In high school, I was in a lot of musical theater (and had MANY boyfriends, and was very popular, just kidding). These shows were choreographed by an adult woman with some kind of dance background that was never fully explained to us. She made it very clear, very often, that she didn’t like me, and that she thought I was a bad dancer, and also made a few comments about my young, chubby body that stuck with me for years afterwards. At one point, she stopped a dance rehearsal to tell me, in front of the group, that everyone around me was giving 110 percent, and that I was giving “less than 12,” a number devastating in both its low value and its specificity.
So, anyway, dancing is hard. I feel like I’m bad at it, and so I am.

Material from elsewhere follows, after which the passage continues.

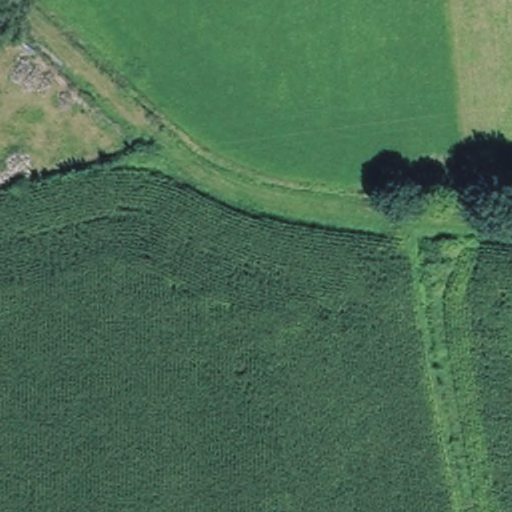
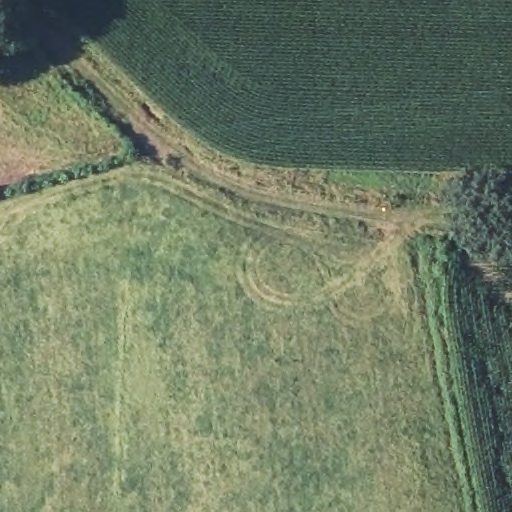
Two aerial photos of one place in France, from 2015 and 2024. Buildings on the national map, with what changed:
unchanged [(0,46),(0,15),(15,28),(0,46)]

It’s a self-fulfilling prophecy that has kept me doing Comedy Dancing (you know what I’m talking about: the lawn mower, big lip synching, all very sad stuff) or wallflowering well into my twenties. For this reason, Beyography—the Beyoncé dance class currently taking Toronto by storm—feels like a big risk. Or at least, a very embarrassing mistake. So I have to try it. My fears are quickly assuaged by the calming, warm presences of Nicky and his assistant Katherine, who start the class with a warm-up (to Bey, naturally) and set a gentle, “Just shake your butt if you get lost” tone for the next two hours.

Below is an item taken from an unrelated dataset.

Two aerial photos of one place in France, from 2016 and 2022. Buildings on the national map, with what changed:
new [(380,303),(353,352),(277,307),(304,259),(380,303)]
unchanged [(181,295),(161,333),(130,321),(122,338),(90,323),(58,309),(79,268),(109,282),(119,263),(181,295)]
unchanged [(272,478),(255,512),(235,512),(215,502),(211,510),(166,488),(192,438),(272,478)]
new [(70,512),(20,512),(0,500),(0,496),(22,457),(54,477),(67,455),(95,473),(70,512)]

By a stroke of bad luck, a Toronto morning show is filming the class, so I try to hide at the back, hoping they’ll focus on the leggy women in the front who brought heels and are pointing their toes in a way that suggests they’ve never given just 12 percent to anything in their lives. Nicky and Katherine take us through the slinky, bendy, dippy moves to “Blow,” Beyoncé’s classic ode to cunnilingus, and I notice an immediate difference from my choreography experiences past: nothing matters. We’re just doing this for fun, so no one is worried about getting things exactly right. When someone asks if it’s a left or right foot for a pivot, Nicky says, “It’s the left, but if you need to cheat that’s fine…literally do whatever works.” He took us through the stage routine to “Blow,” a mix of hairography, snapping, and one very devastating drop to the ground/open legs/body roll up combo. When we’re not getting sexy enough about it, Nicky reminds us that the song is basically “one long moan.”

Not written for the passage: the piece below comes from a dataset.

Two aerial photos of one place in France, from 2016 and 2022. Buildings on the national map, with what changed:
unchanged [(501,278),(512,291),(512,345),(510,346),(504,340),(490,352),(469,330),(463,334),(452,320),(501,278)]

We learn the moves (sharp pivots, hip slaps, the aforementioned body roll) in manageable chunks, making ample use of Elevation Dancentre’s ballet barre. Some people are amazing at it, some are fine, some are me, but we’re all having a good time. I surprise myself by being pretty unselfconsciously into it. At one point I notice everyone around me having a great time whipping their hair around, and to be honest once I take my bun out I’m like another person (insert tired Sasha Fierce reference here). During a snapping-heavy, movement-low section, I find myself very earnestly thinking “Beyoncé’s great, isn’t she?” as though for the first time.
The two-hour class isn’t as intense a workout as last week’s Body Attack, but it is a lot more fun, and I leave class feeling almost ludicrously good—about my hair, my butt, and, yes, my dance abilities. Then I head home and fill the tub up halfway, and… well.*
*JUST KIDDING YOU GUYS! I made and ate a sandwich! But can you IMAGINE?